Even in anarchy and outlawry, he felt, there had to be some final substratum of reason. And Ganley had fallen back on nothing but brute force.

"Why couldn't I go to the captain?" she pleaded.

"That's worse than useless. He's drunk. And we'll only get him against us, for he'd order us to keep out of the mess. He'd fight shy of entangling alliances. He'd forbid me to send, for he's got his ship to clear from that port."

"But the Princeton would be his protection, as well as ours."

"That's true—but the man's brain is too brandy-soaked to understand such a situation. We've got to act ourselves, and on our own hook."

He told her, briefly, the way to the engine-room. Then he switched off his light, unlocked his door, and glanced out to see that the way was clear.

Yet he waited at that open door with his revolver in his hand, every moment of the time until she had crossed to the stair-head, until she had passed quietly down the brass-plated steps, until he had made quite sure that she was below-stairs.

Then he locked himself in again, and made a mad and desperate dash into his clothes. Then he unlimbered his revolver, looked over its chambers, brought out his box of cartridges, and saw that every cartridge was in place. He had, by this time, more or less made up his mind as to his line of procedure.

He had his natural rights, and they were going to be respected. There would be no more free-and-easy invasion of his station, no more buccaneer's airy threats of force. He had been made a football of for too long: he had been mauled and bullied and browbeaten like a street-curb panhandler. He was an official, with official duties to perform. The full sense of his responsibility came home to him, as he took thought of the vast and ponderous machinery behind him, of the reserved and gigantic forces of which he was a mere out-runner. The time had come to act, and he was going to act. And at the first movement of aggression or interference from Ganley, he would shoot—and he had long since learned to pride himself on the fact that when he shot he seldom wasted powder.

As he waited for the engine-room's response to his dynamo he busied himself in barricading the cabin-window with a shelf-board wrenched from his closet, and in drawing out his trunk and standing it on end, to be shoved against the locked door as a further re-enforcement against attack from outside. The wall-plates themselves, he knew, could never be penetrated by a bullet. It was the wooden-shuttered window and the door alone that needed defense.

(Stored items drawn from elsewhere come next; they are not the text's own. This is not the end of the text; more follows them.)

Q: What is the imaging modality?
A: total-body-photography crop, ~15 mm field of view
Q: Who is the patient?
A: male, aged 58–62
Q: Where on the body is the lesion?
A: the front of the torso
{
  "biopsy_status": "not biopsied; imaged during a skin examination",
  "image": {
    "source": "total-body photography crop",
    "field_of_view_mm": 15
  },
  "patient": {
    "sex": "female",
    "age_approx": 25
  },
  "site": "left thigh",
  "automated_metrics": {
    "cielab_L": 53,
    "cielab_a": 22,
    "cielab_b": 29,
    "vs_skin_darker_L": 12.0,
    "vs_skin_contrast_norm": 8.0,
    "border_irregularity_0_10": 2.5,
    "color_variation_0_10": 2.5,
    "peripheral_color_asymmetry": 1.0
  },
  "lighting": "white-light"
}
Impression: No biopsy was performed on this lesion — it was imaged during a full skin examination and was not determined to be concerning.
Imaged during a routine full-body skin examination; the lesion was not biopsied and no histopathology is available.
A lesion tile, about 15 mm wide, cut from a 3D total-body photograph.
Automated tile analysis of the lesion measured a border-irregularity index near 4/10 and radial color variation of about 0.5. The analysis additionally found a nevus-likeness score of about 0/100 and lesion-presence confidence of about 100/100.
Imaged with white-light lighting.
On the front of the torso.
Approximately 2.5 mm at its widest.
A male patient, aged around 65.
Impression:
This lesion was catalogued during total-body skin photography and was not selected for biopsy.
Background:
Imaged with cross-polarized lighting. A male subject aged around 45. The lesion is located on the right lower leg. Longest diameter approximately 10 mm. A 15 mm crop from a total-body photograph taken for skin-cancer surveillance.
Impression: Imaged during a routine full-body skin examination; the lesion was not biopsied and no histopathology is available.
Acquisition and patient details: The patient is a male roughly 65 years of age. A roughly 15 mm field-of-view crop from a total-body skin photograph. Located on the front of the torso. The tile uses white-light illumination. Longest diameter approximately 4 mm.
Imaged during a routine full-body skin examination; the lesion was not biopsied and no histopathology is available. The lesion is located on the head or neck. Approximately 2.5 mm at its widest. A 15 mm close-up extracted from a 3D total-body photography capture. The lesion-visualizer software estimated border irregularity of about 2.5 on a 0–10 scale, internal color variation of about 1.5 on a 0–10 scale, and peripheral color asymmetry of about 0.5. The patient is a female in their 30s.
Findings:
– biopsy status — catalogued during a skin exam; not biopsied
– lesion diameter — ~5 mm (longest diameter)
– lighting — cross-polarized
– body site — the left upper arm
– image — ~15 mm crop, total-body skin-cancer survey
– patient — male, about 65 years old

No touch of fear rested on McKinnon as he worked out his plan, point by point; it was more perplexity as to the outcome of the movement, touched with wonder as to whether of not any contingency had been overlooked. He was glad of action, of something against which to direct his stored-up nervous energy. He regretted, vaguely, that Alicia had in any way been dragged into this trial by fire, that she had in any way been identified with a combat so sordid and demeaning. Yet he felt, in some way, that this final combat was to subject her to the acid-test of a final integrity. It would be unalloyed purity of purpose, he argued, that would keep her at his side during such an ordeal. He almost gloried in the thought that such an unequivocal and authentic seal was to be put on a relationship that had once seemed little more than fortuitous.